Gentoo Archives: gentoo-dev

From: Brian Harring <ferringb@g.o>
To: gentoo-dev@××××××××××××.org
Subject: Re: [gentoo-dev] Proposal for an alternative portage tree sync method
Date: Sun, 27 Mar 2005 19:03:02
In Reply to: Re: [gentoo-dev] Proposal for an alternative portage tree sync method by Karl Trygve Kalleberg
1 Karl Trygve Kalleberg wrote:
2 >>So... this basically is applicable (at this point) to snapshots,
3 >>since fundamentally that's what it works on. Couple of flaws/issues
4 >>though.
5 >>Tarball entries are rounded up to the nearest multiple of 512 for the
6 >>file size, plus an additional 512 for the tar header. If for the
7 >>zsync chksum index, you're using blocksizes above (basically) 1kb,
8 >>you lose the ability to update individual files- actually, you already
9 >>lost it, because zsync requires two matching blocks, side by side.
10 >>So that's more bandwidth, beyond just pulling the control file.
11 >
12 >
13 > Actually, packing the tree in squashfs _without_ compression, shaved
14 > about 800bytes per file.
15 > Having a tarball of the porttree is obviously
16 > plain stupid, as the overhead about as big as the content itself.

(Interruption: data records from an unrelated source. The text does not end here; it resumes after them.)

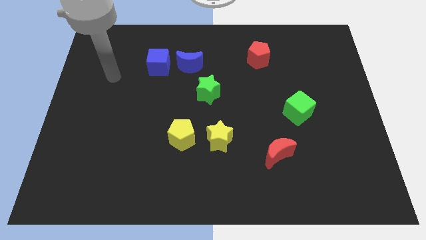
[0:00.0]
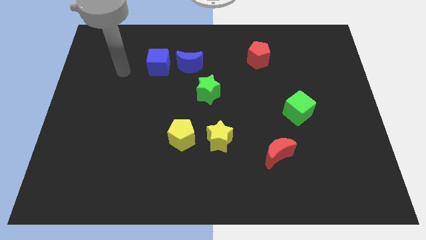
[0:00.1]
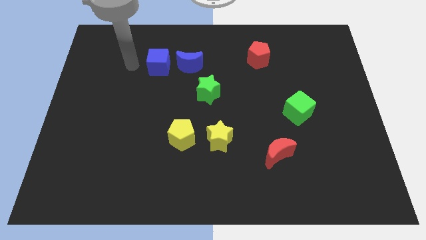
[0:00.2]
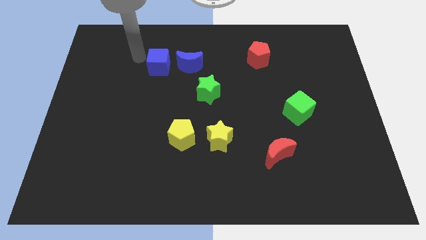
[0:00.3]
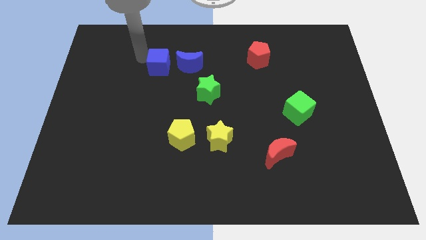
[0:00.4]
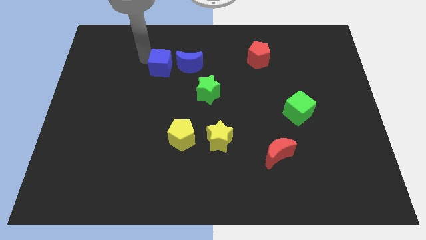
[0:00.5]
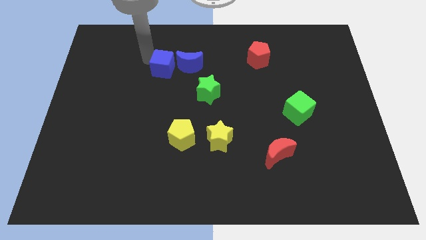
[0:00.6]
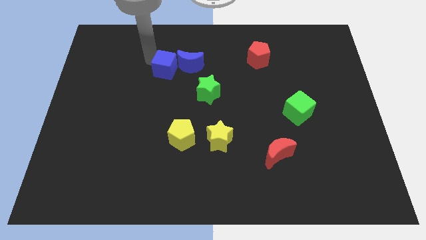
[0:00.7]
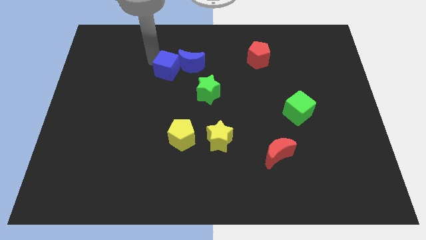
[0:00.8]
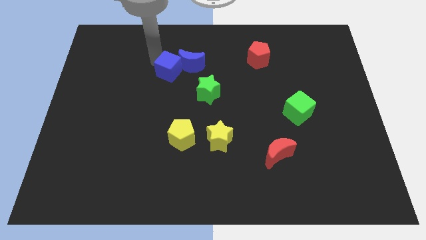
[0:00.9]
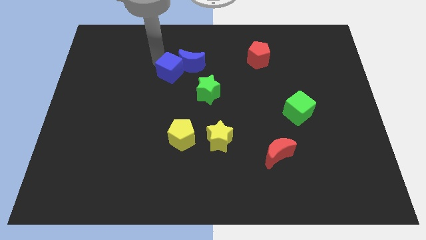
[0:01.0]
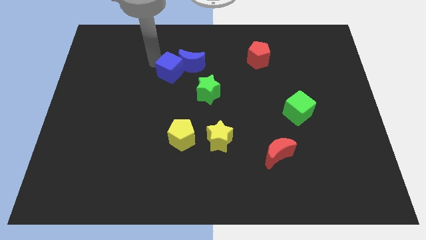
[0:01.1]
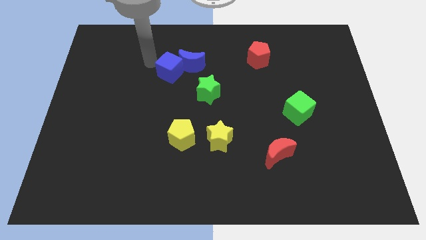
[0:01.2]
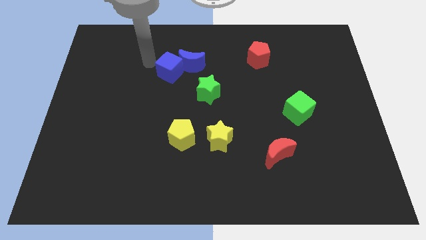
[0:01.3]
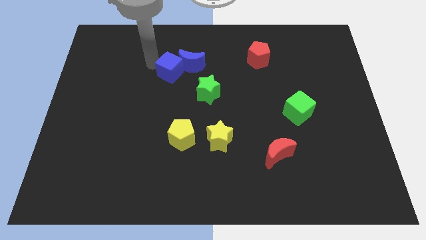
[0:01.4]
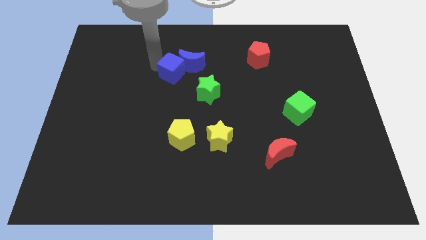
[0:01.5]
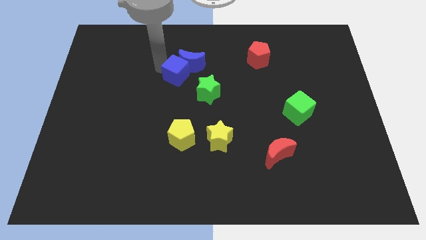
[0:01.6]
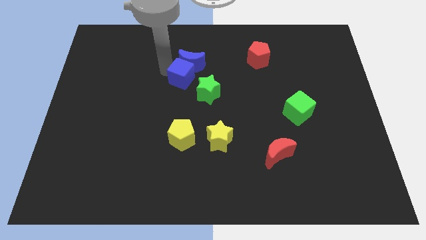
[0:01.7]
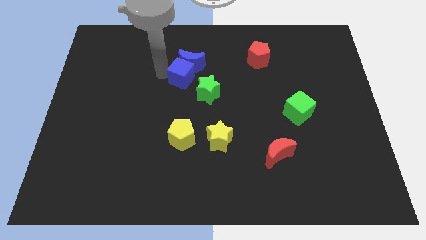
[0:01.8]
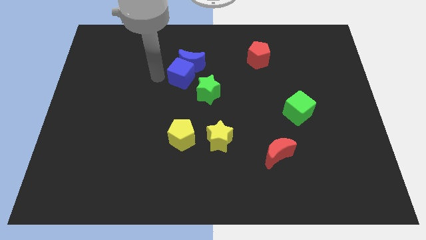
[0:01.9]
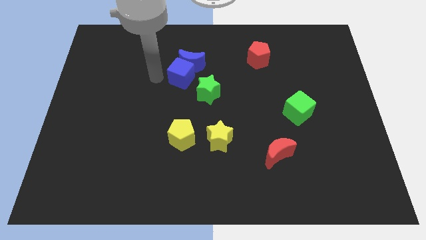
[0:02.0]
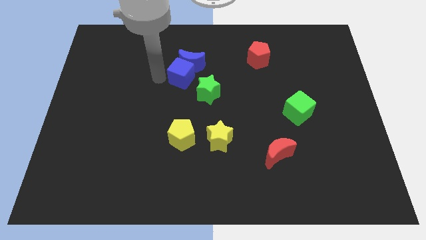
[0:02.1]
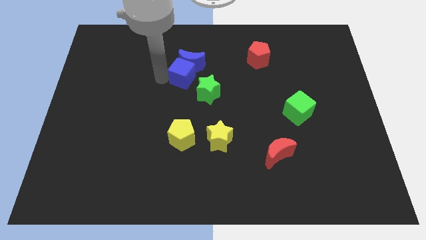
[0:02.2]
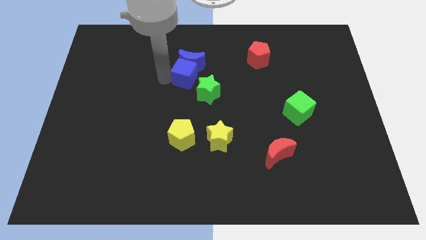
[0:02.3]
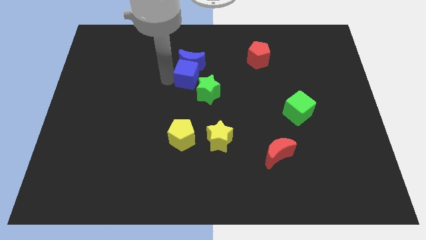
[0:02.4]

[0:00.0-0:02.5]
slightly move the blue cube to the right

17 'cept tarballs _are_ what our snapshots are currently, which is what I
18 was referencing (was pointing out why zsync is not going to play nice
19 with tarballs). I haven't compared squashfs snapshots w/out compression
20 delta wise, but I'd expect they're slightly larger (diffball knows about
21 tarfile structures, as such can enforce 'locality' for better matches).

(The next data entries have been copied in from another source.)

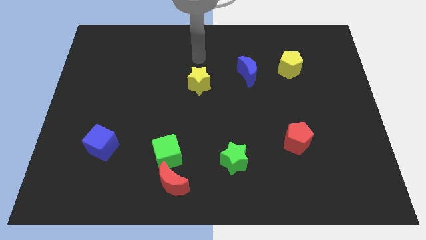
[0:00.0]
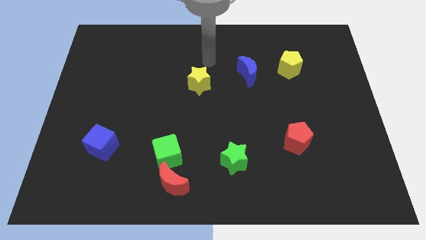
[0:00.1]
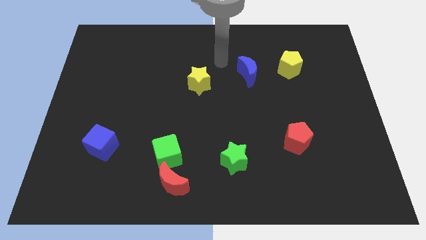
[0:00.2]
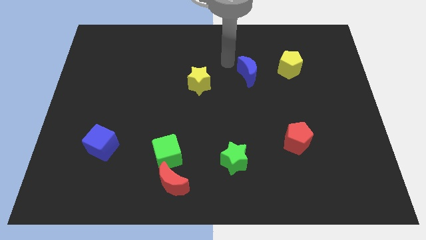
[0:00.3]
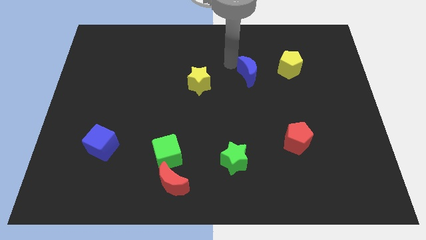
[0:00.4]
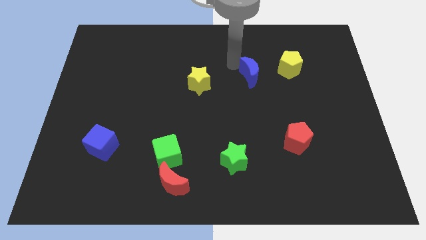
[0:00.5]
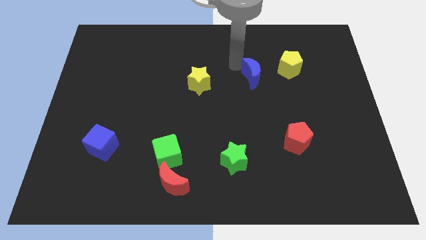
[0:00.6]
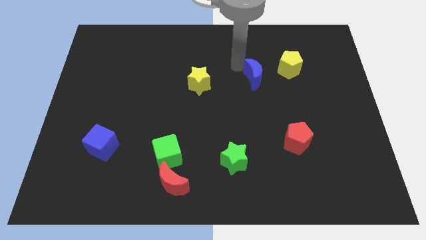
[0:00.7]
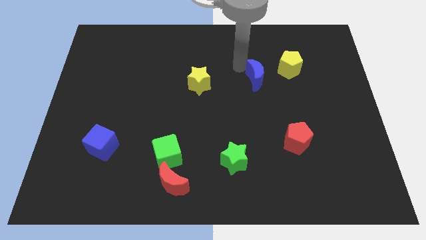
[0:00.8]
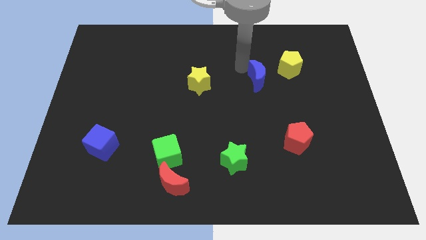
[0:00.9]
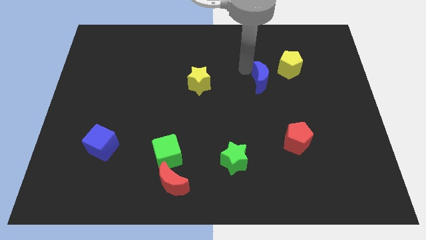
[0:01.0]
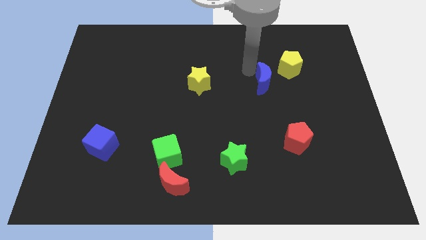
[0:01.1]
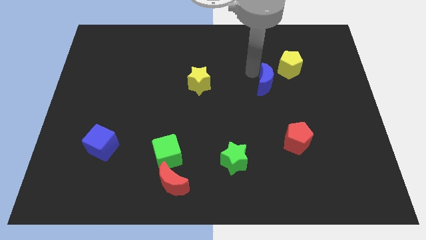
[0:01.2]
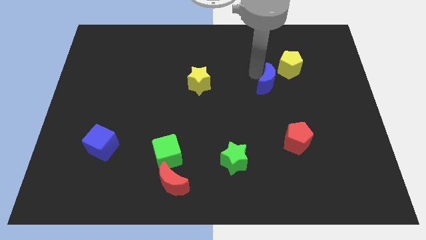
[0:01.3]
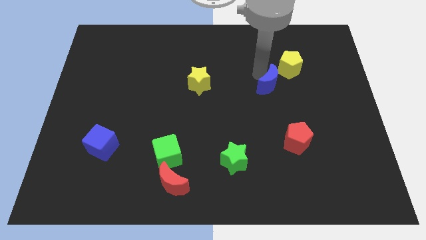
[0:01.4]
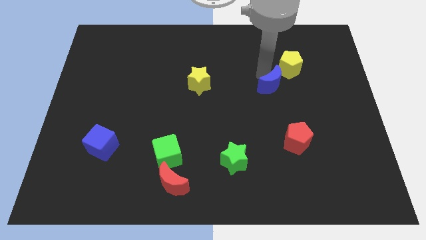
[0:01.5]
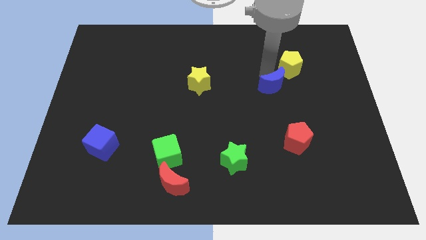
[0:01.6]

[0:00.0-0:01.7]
slightly slide the blue moon diagonally down and to the right

23 >>Or... just have the repository module run directly off of the tarball,
24 >>with an additional pregenerated index of file -> offset. (that's a
25 >>ways off, but something I intend to try at some point).
26 >
27 >
28 > Actually, I hacked portage to do this a few years ago. I generated a
29 > .zip[1] of the portdir (was ~16MB, compared to ~120MB uncompressed). The
30 > server maintained diffs in the following scheme:
31 >
32 > - Full snapshot every hour
33 > - Deltas hourly back 24 hours
34 > - Deltas daily back a week
35 > - Deltas weekly back two months
36 Elaborate; back from when, the current time/date? Or just version
37 'leaps' as it were? If you're recalc'ing the delta all the way back for
38 each hour, the cost adds up.
40 > When a user synced, he downloaded a small manifest
41 Define small, and what was in the manifest please.
43 > from the server,
44 > telling him the size and contents of the snapshot and deltas. Based on
45 > time stamps
46 What about issues with users clock being wacky? Yes, systems should
47 have a correct clock, but rsync (with our current opts) doesn't rely on
48 mtime checks (iirc). Course just pulling the last timestamp from the
49 server addresses this...
51 > he would locally calculate which deltas he would need to
52 > fetch.
53 One failing with this I'd see is that in generating a *total*, tree
54 snapshot to tree snapshot delta, the unmatched files (files that are
55 new, or cannot be mapped back via filepath to the older snapshot) can't
56 be easily diff'ed. Can be worked around though.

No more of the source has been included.